Re: x264 benchmarks BFS vs CFS

From: Jason Garrett-Glaser
Date: Fri Dec 18 2009 - 05:12:43 EST


On Thu, Dec 17, 2009 at 11:30 PM, Mike Galbraith <efault@xxxxxx> wrote:
> On Fri, 2009-12-18 at 06:23 +0100, Ingo Molnar wrote:
>
>> Having said that, we generally try to make things perform well without apps
>> having to switch themselves to SCHED_BATCH. Mike, do you think we can make
>> x264 perform as well (or nearly as well) under SCHED_OTHER as under
>> SCHED_BATCH?
>
> It's not bad as is, except for ultrafast mode.  START_DEBIT is the
> biggest problem there.  I don't think SCHED_OTHER will ever match
> SCHED_BATCH for this load, though I must say I haven't full-spectrum
> tested.  This load really wants RR scheduling, and wakeup preemption
> necessarily perturbs run order.
>
> I'll probably piddle with it some more, it's an interesting load.
>
>        -Mike
>
>

Two more thoughts here:

1) We're considering moving to a thread pool soon; we already have a
working patch for it and if anything it'll save a few clocks spent on
nice()ing threads and other such things. Will this improve
START_DEBIT at all? I've attached the beta patch if you want to try
it. Note this also works with 2) as well, so it adds yet another
dimension to what's mentioned below.

2) We recently implemented a new threading model which may be
interesting to test as well. This threading model gives worse
compression *and* performance, but has one benefit: it adds zero
latency, whereas normal threading adds a full frame of latency per
thread. This was paid for by a company interested in
ultra-low-latency streaming applications, where 1 millisecond is a
huge deal. I've been thinking this might be interesting to bench from
a kernel perspective as well, as when you're spawning a half-dozen
threads and need them all done within 6 milliseconds, you start
getting down to serious scheduler issues.

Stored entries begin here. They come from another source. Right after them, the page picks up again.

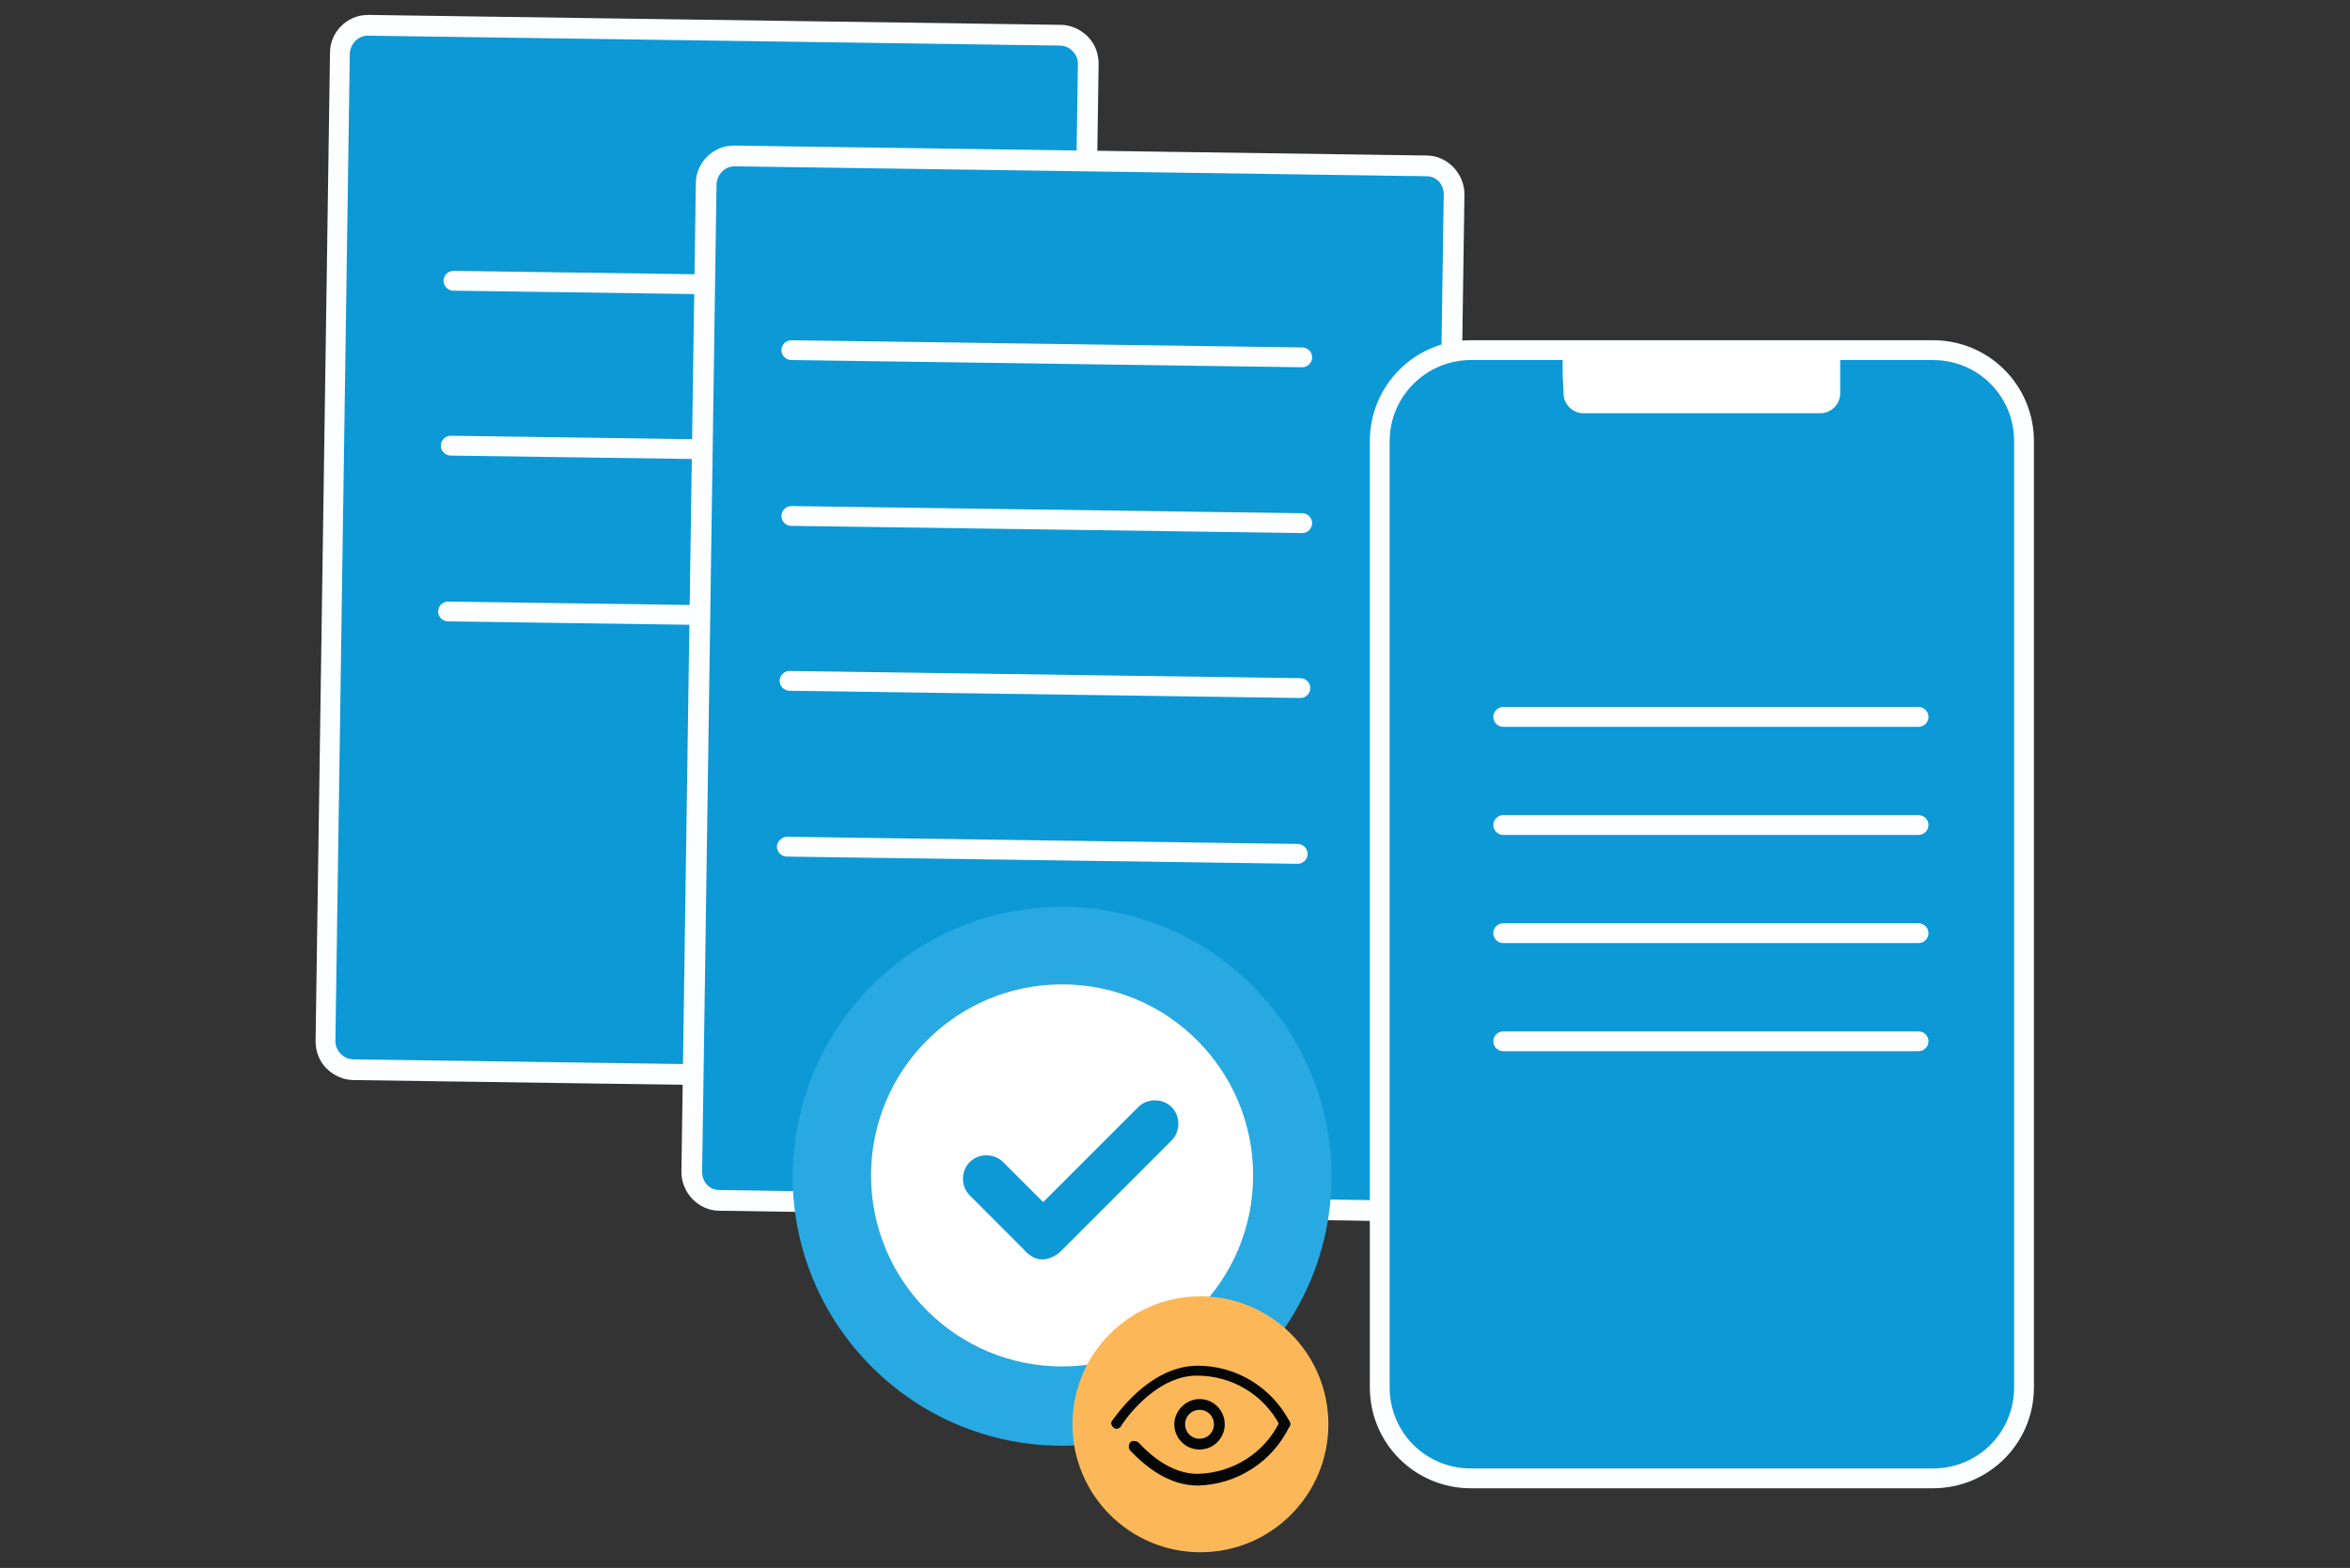 <?xml version="1.0" encoding="utf-8"?>
<!-- Generator: Adobe Illustrator 25.1.0, SVG Export Plug-In . SVG Version: 6.00 Build 0)  -->
<svg version="1.1" id="Layer_4" xmlns="http://www.w3.org/2000/svg" xmlns:xlink="http://www.w3.org/1999/xlink" x="0px" y="0px"
	 viewBox="0 0 260.8 174" style="enable-background:new 0 0 260.8 174;" xml:space="preserve">
<rect x="0" y="0" width="260.8" height="174" fill="#333333" stroke="none"/>
<style type="text/css">
	.st0{fill:none;stroke:#057DAE;stroke-width:0.717;}
	.st1{fill:#0C99D6;}
	.st2{fill:#FDFEFF;}
	.st3{fill:#FFFFFF;}
	.st4{fill:#29A9E1;}
	.st5{fill:#0D98D6;}
	.st6{fill:#FCB858;}
	.st7{fill:#050706;}
</style>
<g id="Group_11749" transform="translate(-128.632 -5850.161)">
	<g id="Group_11737" transform="translate(9880 610)">
		<g id="Path_15154">
			<path class="st0" d="M-9562.5,5282.7"/>
		</g>
		<g id="Group_11734" transform="translate(-11837.446 5832.518)">
			<g id="Group_11667">
				<g id="Rectangle_4921">
					<path class="st1" d="M2202.1-472.6l-76.8-1.1c-1.7,0-3.1-1.4-3-3.1l1.6-109.7c0-1.7,1.4-3.1,3.1-3l76.8,1.1
						c1.7,0,3.1,1.4,3,3.1l-1.6,109.7C2205.2-473.9,2203.8-472.6,2202.1-472.6z"/>
					<path class="st2" d="M2202.1-471.4C2202.1-471.4,2202.1-471.4,2202.1-471.4l-76.8-1.1c-1.1,0-2.2-0.5-3-1.3
						c-0.8-0.8-1.2-1.9-1.2-3l1.6-109.7c0-2.3,1.9-4.2,4.2-4.2c0,0,0,0,0.1,0l76.8,1.1c1.1,0,2.2,0.5,3,1.3c0.8,0.8,1.2,1.9,1.2,3
						l-1.6,109.7C2206.3-473.3,2204.4-471.4,2202.1-471.4z M2202.1-473.7c1.1,0,2-0.9,2-1.9l1.6-109.7c0-0.5-0.2-1-0.6-1.4
						c-0.4-0.4-0.9-0.6-1.4-0.6l-76.8-1.1c0,0,0,0,0,0c-1.1,0-1.9,0.9-2,1.9l-1.6,109.7c0,0.5,0.2,1,0.6,1.4s0.9,0.6,1.4,0.6
						L2202.1-473.7z"/>
				</g>
				<g id="Group_11666">
					<g id="Line_771">
						<path class="st2" d="M2193.1-559.3C2193.1-559.3,2193.1-559.3,2193.1-559.3l-56.7-0.8c-0.6,0-1.1-0.5-1.1-1.1
							c0-0.6,0.5-1.1,1.1-1.1c0,0,0,0,0,0l56.7,0.8c0.6,0,1.1,0.5,1.1,1.1C2194.2-559.8,2193.7-559.3,2193.1-559.3z"/>
					</g>
					<g id="Line_772">
						<path class="st2" d="M2192.8-541C2192.8-541,2192.8-541,2192.8-541l-56.7-0.8c-0.6,0-1.1-0.5-1.1-1.1c0-0.6,0.5-1.1,1.1-1.1
							c0,0,0,0,0,0l56.7,0.8c0.6,0,1.1,0.5,1.1,1.1C2193.9-541.4,2193.4-541,2192.8-541z"/>
					</g>
					<g id="Line_773">
						<path class="st2" d="M2192.5-522.6C2192.5-522.6,2192.5-522.6,2192.5-522.6l-56.7-0.8c-0.6,0-1.1-0.5-1.1-1.1
							c0-0.6,0.5-1.1,1.1-1.1l56.7,0.8c0.6,0,1.1,0.5,1.1,1.1C2193.7-523.1,2193.2-522.6,2192.5-522.6z"/>
					</g>
				</g>
			</g>
			<g id="Path_15095">
				<path class="st1" d="M2217.8-458.3l24.9,0.4c1.7,0,3.1-1.3,3.1-3l1.6-109.7c0-1.7-1.3-3.1-3-3.1c0,0,0,0,0,0l-76.8-1.1
					c-1.7,0-3.1,1.3-3.1,3l-1.6,109.7c0,1.7,1.3,3.1,3,3.1c0,0,0,0,0,0l26.2,0.4"/>
				<path class="st2" d="M2242.7-456.8C2242.7-456.8,2242.7-456.8,2242.7-456.8l-24.9-0.4l0-2.3l24.9,0.4c0,0,0,0,0,0
					c0.5,0,1-0.2,1.4-0.6c0.4-0.4,0.6-0.9,0.6-1.4l1.6-109.7c0-1.1-0.8-2-1.9-2l-76.8-1.1c0,0,0,0,0,0c-1.1,0-1.9,0.9-2,1.9
					l-1.6,109.7c0,1.1,0.8,2,1.9,2l26.2,0.4l0,2.3l-26.2-0.4c-2.3,0-4.2-2-4.2-4.3l1.6-109.7c0-2.3,1.9-4.2,4.2-4.2c0,0,0,0,0.1,0
					l76.8,1.1c2.3,0,4.2,2,4.2,4.3l-1.6,109.7c0,1.1-0.5,2.2-1.3,3C2244.9-457.2,2243.8-456.8,2242.7-456.8z"/>
			</g>
			<g id="Group_11668">
				<g id="Line_774">
					<path class="st2" d="M2230.6-533.2C2230.6-533.2,2230.6-533.2,2230.6-533.2l-56.7-0.8c-0.6,0-1.1-0.5-1.1-1.1
						c0-0.6,0.5-1.1,1.1-1.1c0,0,0,0,0,0l56.7,0.8c0.6,0,1.1,0.5,1.1,1.1C2231.7-533.7,2231.2-533.2,2230.6-533.2z"/>
				</g>
				<g id="Line_775">
					<path class="st2" d="M2230.6-551.6C2230.6-551.6,2230.6-551.6,2230.6-551.6l-56.7-0.8c-0.6,0-1.1-0.5-1.1-1.1
						c0-0.6,0.5-1.1,1.1-1.1c0,0,0,0,0,0l56.7,0.8c0.6,0,1.1,0.5,1.1,1.1C2231.7-552.1,2231.2-551.6,2230.6-551.6z"/>
				</g>
				<g id="Line_776">
					<path class="st2" d="M2230.4-514.9C2230.4-514.9,2230.4-514.9,2230.4-514.9l-56.7-0.8c-0.6,0-1.1-0.5-1.1-1.1
						c0-0.6,0.5-1.1,1.1-1.1l56.7,0.8c0.6,0,1.1,0.5,1.1,1.1C2231.5-515.4,2231-514.9,2230.4-514.9z"/>
				</g>
				<g id="Line_777">
					<path class="st2" d="M2230.1-496.5C2230.1-496.5,2230.1-496.5,2230.1-496.5l-56.7-0.8c-0.6,0-1.1-0.5-1.1-1.1
						c0-0.6,0.6-1.1,1.1-1.1l56.7,0.8c0.6,0,1.1,0.5,1.1,1.1C2231.2-497,2230.7-496.5,2230.1-496.5z"/>
				</g>
			</g>
			<g id="Group_11671">
				<g id="Group_11669">
					<g id="Rectangle_4922">
						<path class="st1" d="M2239.2-438.4v-105c0-5.6,4.5-10.1,10.1-10.1h51.3c5.6,0,10.1,4.5,10.1,10.1v105
							c0,5.6-4.5,10.1-10.1,10.1h-51.3C2243.7-428.3,2239.2-432.9,2239.2-438.4z"/>
						<path class="st2" d="M2300.6-427.2h-51.3c-6.2,0-11.2-5-11.2-11.2v-105c0-6.2,5-11.2,11.2-11.2h51.3c6.2,0,11.2,5,11.2,11.2
							v105C2311.8-432.2,2306.8-427.2,2300.6-427.2z M2249.3-552.4c-4.9,0-9,4-9,9v105c0,5,4,9,9,9h51.3c5,0,9-4,9-9v-105
							c0-5-4-9-9-9H2249.3z"/>
					</g>
					<g id="Path_15096">
						<path class="st3" d="M2259.5-550.8l0-2.3l30.8,0.2l0,2.1v2.1c0,1.2-1,2.2-2.2,2.2h-26.3c-1.2,0-2.2-1-2.2-2.2L2259.5-550.8z"
							/>
					</g>
				</g>
				<g id="Group_11670">
					<g id="Line_778">
						<path class="st2" d="M2299-511.7h-46.1c-0.6,0-1.1-0.5-1.1-1.1c0-0.6,0.5-1.1,1.1-1.1h46.1c0.6,0,1.1,0.5,1.1,1.1
							C2300.1-512.2,2299.6-511.7,2299-511.7z"/>
					</g>
					<g id="Line_779">
						<path class="st2" d="M2299-499.7h-46.1c-0.6,0-1.1-0.5-1.1-1.1s0.5-1.1,1.1-1.1h46.1c0.6,0,1.1,0.5,1.1,1.1
							S2299.6-499.7,2299-499.7z"/>
					</g>
					<g id="Line_780">
						<path class="st2" d="M2299-487.7h-46.1c-0.6,0-1.1-0.5-1.1-1.1c0-0.6,0.5-1.1,1.1-1.1h46.1c0.6,0,1.1,0.5,1.1,1.1
							C2300.1-488.2,2299.6-487.7,2299-487.7z"/>
					</g>
					<g id="Line_781">
						<path class="st2" d="M2299-475.7h-46.1c-0.6,0-1.1-0.5-1.1-1.1s0.5-1.1,1.1-1.1h46.1c0.6,0,1.1,0.5,1.1,1.1
							S2299.6-475.7,2299-475.7z"/>
					</g>
				</g>
			</g>
		</g>
		<g id="Path_15153">
			<path class="st4" d="M-9633.5,5340.8c16.5,0,29.9,13.4,29.9,29.9c0,16.5-13.4,29.9-29.9,29.9c-16.5,0-29.9-13.4-29.9-29.9
				c0,0,0,0,0,0C-9663.3,5354.1-9650,5340.8-9633.5,5340.8z"/>
		</g>
		<g id="Ellipse_981">
			<circle class="st3" cx="-9633.5" cy="5370.6" r="21.2"/>
		</g>
		<g id="Group_11735" transform="translate(-11837.446 5832.518)">
			<g id="Line_807">
				<path class="st5" d="M2201.7-452.7c-0.7,0-1.3-0.3-1.8-0.8l-6.2-6.2c-1-1-1-2.7,0-3.7s2.7-1,3.7,0l6.2,6.2c1,1,1,2.7,0,3.7
					C2203-452.9,2202.3-452.7,2201.7-452.7z"/>
			</g>
			<g id="Line_808">
				<path class="st5" d="M2201.8-452.6c-0.7,0-1.3-0.3-1.8-0.8c-1-1-1-2.7,0-3.7l12.4-12.4c1-1,2.7-1,3.7,0c1,1,1,2.7,0,3.7
					l-12.4,12.4C2203.1-452.9,2202.4-452.6,2201.8-452.6z"/>
			</g>
		</g>
		<g id="Group_11736" transform="translate(-11837.446 5832.518)">
			<g id="Ellipse_974">
				<circle class="st6" cx="2219.3" cy="-434.3" r="14.2"/>
			</g>
			<g id="Group_11690">
				<g id="Path_15116">
					<path class="st7" d="M2228.6-433.9c-0.2,0-0.4-0.1-0.5-0.3c-1.8-3.4-5.3-5.5-9.2-5.5c-4.8,0-8.4,5.5-8.4,5.6
						c-0.2,0.3-0.6,0.4-0.8,0.2c-0.3-0.2-0.4-0.6-0.2-0.8c0.2-0.2,4-6.1,9.5-6.1c4.3,0,8.2,2.4,10.2,6.2c0.2,0.3,0,0.7-0.3,0.8
						C2228.8-433.9,2228.7-433.9,2228.6-433.9z"/>
				</g>
				<g id="Path_15117">
					<path class="st7" d="M2219-427.5c-3.2,0-5.8-2.1-7.5-3.9c-0.2-0.2-0.2-0.6,0-0.9c0.2-0.2,0.6-0.2,0.9,0
						c1.5,1.6,3.8,3.5,6.6,3.5c3.9-0.1,7.4-2.3,9.1-5.8c0.1-0.3,0.5-0.4,0.8-0.3c0.3,0.1,0.4,0.5,0.3,0.8
						C2227.3-430.1,2223.3-427.6,2219-427.5z"/>
				</g>
				<g id="Ellipse_975">
					<path class="st7" d="M2219.2-431.5c-1.6,0-2.8-1.3-2.8-2.8s1.3-2.8,2.8-2.8c1.6,0,2.8,1.3,2.8,2.8S2220.8-431.5,2219.2-431.5z
						 M2219.2-435.9c-0.9,0-1.6,0.7-1.6,1.6s0.7,1.6,1.6,1.6c0.9,0,1.6-0.7,1.6-1.6S2220.1-435.9,2219.2-435.9z"/>
				</g>
			</g>
		</g>
	</g>
</g>
</svg>

The new threading model is much less complex than the regular one and
works as follows. The frame is split into X slices, and each slice
encoded with one thread. Specifically, it works via the following
process:

1. Preprocess input frame, perform lookahead analysis on input frame
(all singlethreaded)
2. Split up a ton of threads to do the main encode, one per slice.
3. Join all the threads.
4. Do post-filtering on the output frame, return.

Clearly this is an utter disaster, since it spawns N times as many
threads as the old threading model *and* they last far shorter, *and*
only part of the application is multithreaded. But there's not really
a better way to do low-latency threading, and it's an interesting
challenge to boot. IIRC, it's also the way ffmpeg's encoder threading
works. It's widely considered an inferior model, but as mentioned
before, in this particular use-case there's no choice.

To enable this, use --sliced-threads. I'd recommend using a
higher-resolution clip for this, as it performs atrociously bad on
very low resolution videos for reasons you might be able to guess. If
you need a higher-res clip, check the SD or HD ones here:
http://media.xiph.org/video/derf/ .

I'm personally curious as to what kind of scheduler issues this
results in--I haven't done any BFS vs CFS tests with this option
enabled yet.

Jason

Attachment: thread_pool_slices.diff
Description: Binary data